I was reminded of a maxim I’ve heard both Martin Swig and Bob Lutz profess: The most fun you can have on the road is “driving a slow car fast.”

The Prancing Moose
Tourmeister and SCM Tour Director Neil D’Autremont at McClellan Overlook
At Yale Lake
86 Swedish horses
Volvo in stealth mode
Getting ready for the Big Pass!

11 Comments

  1. As a native Portlander now living in Dallas, I long to drive my Mondial QV cab and MGB on the great roads of the Pacific Northwest. However, with the lunitics in Portland, I doubt I will ever return to live. I spent five years there as an editor of Competition Press and later Autoweek and then ten years doing KLIQ radio at PIR with my old friend and school mate Dale Lafollette. I miss all that, but unfortunately Portland is a far cry from the city I remember. But I am very glad to see that you are recovering and again enjoying a drive.

  2. Damn, I needed that.
    So easy to get caught up in the schiese-drizzle of horsepower/launch control/dual climate/video screen overload that is the modern sports car drive. Remember when it was fun just to get down the road…somehow?
    Thanks, Keith. Good for the soul.

  3. I sincerely hope that you did not overtake by crossing over the double yellow line ?

    The trip sounds like it was a lot of fun.

    Please keep us amused with your next report.

    Kind regards and keep well.

    Stuart Shelton.

  4. Great reminder of the days of drafting semis in our VW, and later racing FV in a series where if you were leading on the penultimate lap, you would lose the race. To me the art of driving is lost if all you need to do is squeeze the right-hand pedal a bit harder.

  5. Hi Keith – I know what you’re talking about with the 122S. However, the little engine that could became Godzilla after and 80-over rebore and a oil cooler! I did all my SCCA towing with it (Crossle F/F and then a Brabham BT35.) Fellow competitors couldn’t figure out how I was passing them on the freeways!

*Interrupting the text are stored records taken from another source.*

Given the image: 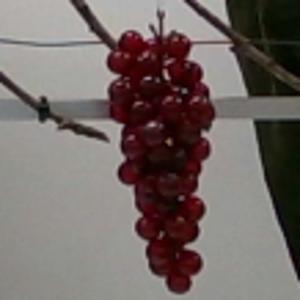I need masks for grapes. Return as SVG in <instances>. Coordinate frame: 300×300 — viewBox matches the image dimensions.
Here are the masks:
<instances>
[{
	"instance_id": "obj_1",
	"label": "grapes",
	"mask_w": 300,
	"mask_h": 300,
	"mask_svg": "<svg viewBox=\"0 0 300 300\" xmlns=\"http://www.w3.org/2000/svg\"><path fill=\"white\" fill-rule=\"evenodd\" d=\"M192 43L182 33L161 42L143 40L135 29L121 32L105 59L111 79L109 114L125 124L116 169L119 183L134 190V207L143 216L138 237L149 241L150 273L163 277L165 289L188 293L191 275L202 273L204 256L186 245L198 242L208 204L197 195L203 164L213 154L209 131L217 115L202 66L188 59Z\"/></svg>"
}]
</instances>

  6. Martin Swig was absolutely right! I met Martin years ago, when he and his son came to my humble shop to close the deal on an Alfa 4R.
    My humble dealership just acquired a 66 Volvo 122S 4 speed Coupe, in light blue. I’m waiting on a transport to bring the California beauty, and it’s original “pink slip”, to me, in Illinois.

    Great article, Kieth!
    DC

  7. For those of us who know your path, this is HUGE! To simply be able to lower one’s foot on the accelerator is greatly taken for granted, more so the magic of it making a vehicle move, and at a speed we prefer. What a marvel our four-wheeled machines are, and what a blessing it is to be able to drive!

    Thanks for mentioning Martin. We need to bring him along on every rally, forever in our hearts. He IS the Spirit of Rallying.

    This article should really be entitled, “I Passed a Car and I Liked It.”

  8. Loved the story and how it made me feel. I learned to drive a stick in a 122 in 1969 that belonged to a friend. Great balance and very willing. I can only imagine how yours feels with the improvements.

    On a lighter note I mentally added “and it was much more fun than passing a kidney stone” to the title….

    So delighted that you’re out there enjoying the drive.

  9. a cal trooper pulled up next to us as we were refueling near needles on the last real cannonball. “a trucker said he was passed by a silver car at high speed,” he said. 2 a.m. I and bill Pryor and boo browning in the car. “but officer, this is a Volvo!” I said. “oh…yeah” he said and drove off. we were in a new gt–the coupe with the little orange and black pinstripes. 102mph in o/d; 104mph in 4th.

  10. In case you were wondering if IBDCATT, burgundy, XKR ever made it? Yes we did all three of us! We got lost right out of Vancouver, so were running way behind all day. All in all, as this was our first road tour we thoroughly enjoyed the day.
    Great job on a much needed cause!